Next question for you both: In an industry where sharing internal knowledge can be fraught with legal and competitive risks, how can we foster a culture of openness and collaboration without come promising corporate interests?

REMCO VAN MOOK: I am looking at you. This is actually, in all ‑‑ in all frankness ‑‑ this has been something that Florence and I and, later, together with ‑‑ struggled mightily about in trying to content into this session. It is becoming increasingly complicated to have anyone representing any big logo to stand up and say anything and I don't blame those people for that. I also have no solution, because it really pains me that I know some of the smartest people in the industry are in this room and they will not say anything if their life ‑‑ even if their lives depended on it, not at a microphone, not in front of a camera, and I have no answer to that. I do think that this is ‑‑ we as a community, we are losing massively because of this.

PAUL HOOGSTEDER: Yeah, I do think this is mostly a problem for the bigger companies, the ones with lots of lawyers running around.
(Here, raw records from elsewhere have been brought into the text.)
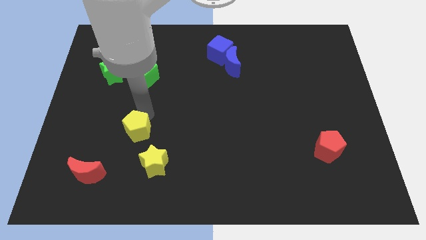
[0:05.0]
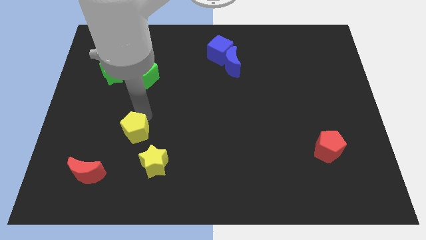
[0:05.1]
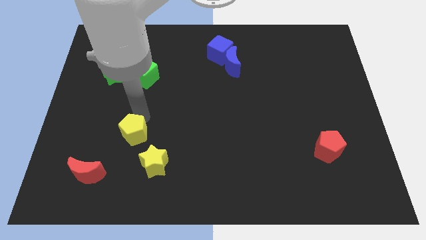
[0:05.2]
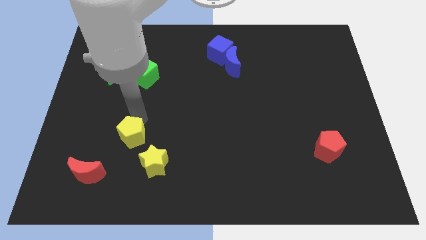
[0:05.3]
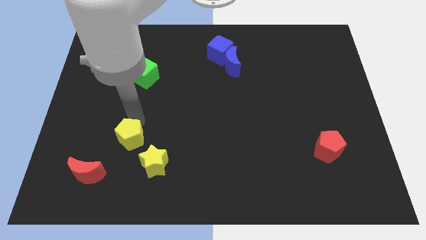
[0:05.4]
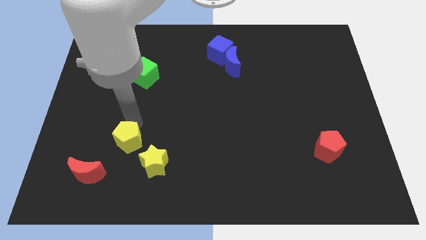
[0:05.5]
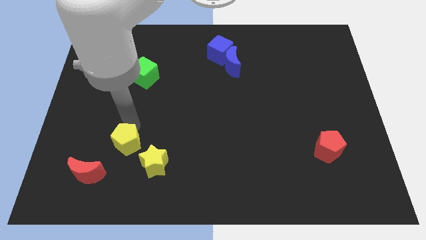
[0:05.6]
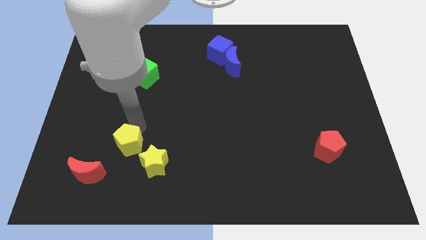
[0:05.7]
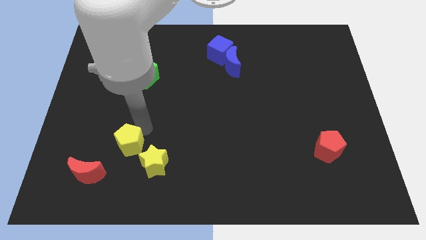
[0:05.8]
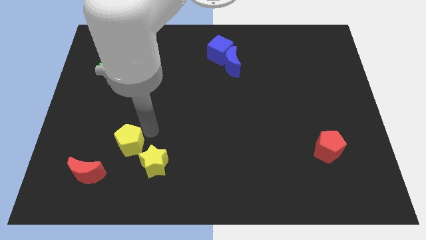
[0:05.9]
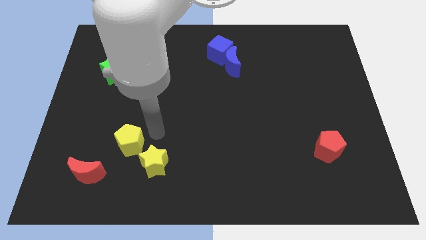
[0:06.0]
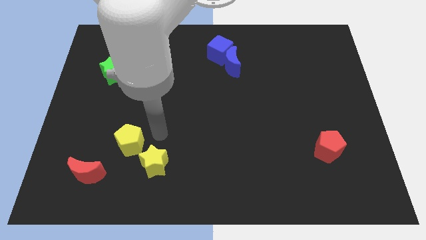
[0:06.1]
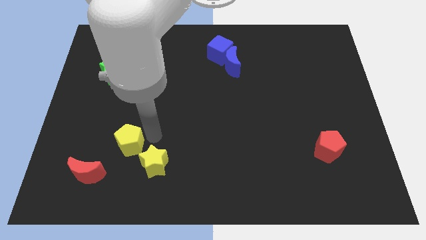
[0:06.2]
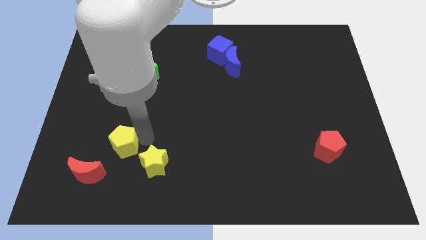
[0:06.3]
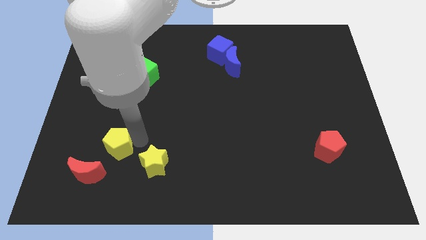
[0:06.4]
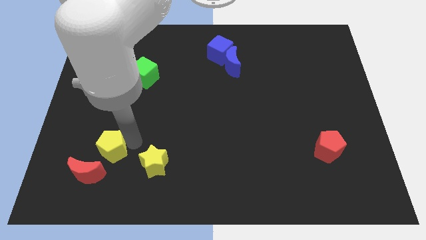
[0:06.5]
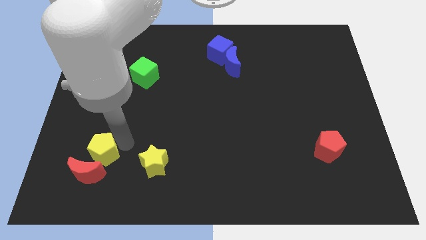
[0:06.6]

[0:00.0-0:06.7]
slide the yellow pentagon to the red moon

Luckily working for smaller networks, I think most of the time they can speak freely, although even I can't name our customers.

BIJAL SANGHANI: Yes. Does anyone have anything to ‑‑

REMCO VAN MOOK: Please, I mean, this is a Meta comment, I think you are allowed Meta comments that are not related to company insights, I think, hopefully.

STAVROS KONSTANTARAS: Who had last year one of the biggest incidents in our company's history, where terabits of traffic went away. Anyway, there was a presentation, you guys know what happened, in the AMS‑IX culture and history we tried to be open and tried to share knowledge and experience with the community and yeah, it was not an easy presentation, for sure, but that's how we are, how we operate and I think we all need to the members because our customers trust us, they trust we do our best, they trust we do whatever we can do to make the network reliable and have them offering the best quality services but it's something that we also need to teach to your vendor, to the big logos, to the big enterprise, they are always afraid to take the blame, but hold on, you are the guy, you are the big vendor and the big logo who came to the RFP and you present your solution and you are trying to do to get any ‑‑ not AMS‑IX but any big network you try to get it as a customer, you should know that okay, no one has perfect solution, all the vendors have their own issues, so okay, make sure you offer to us the best quality services and then things like that will not happen in the future but also if things happen you should take your share, so it should be mutual agreement, not in contract but in understanding and culture. That's it.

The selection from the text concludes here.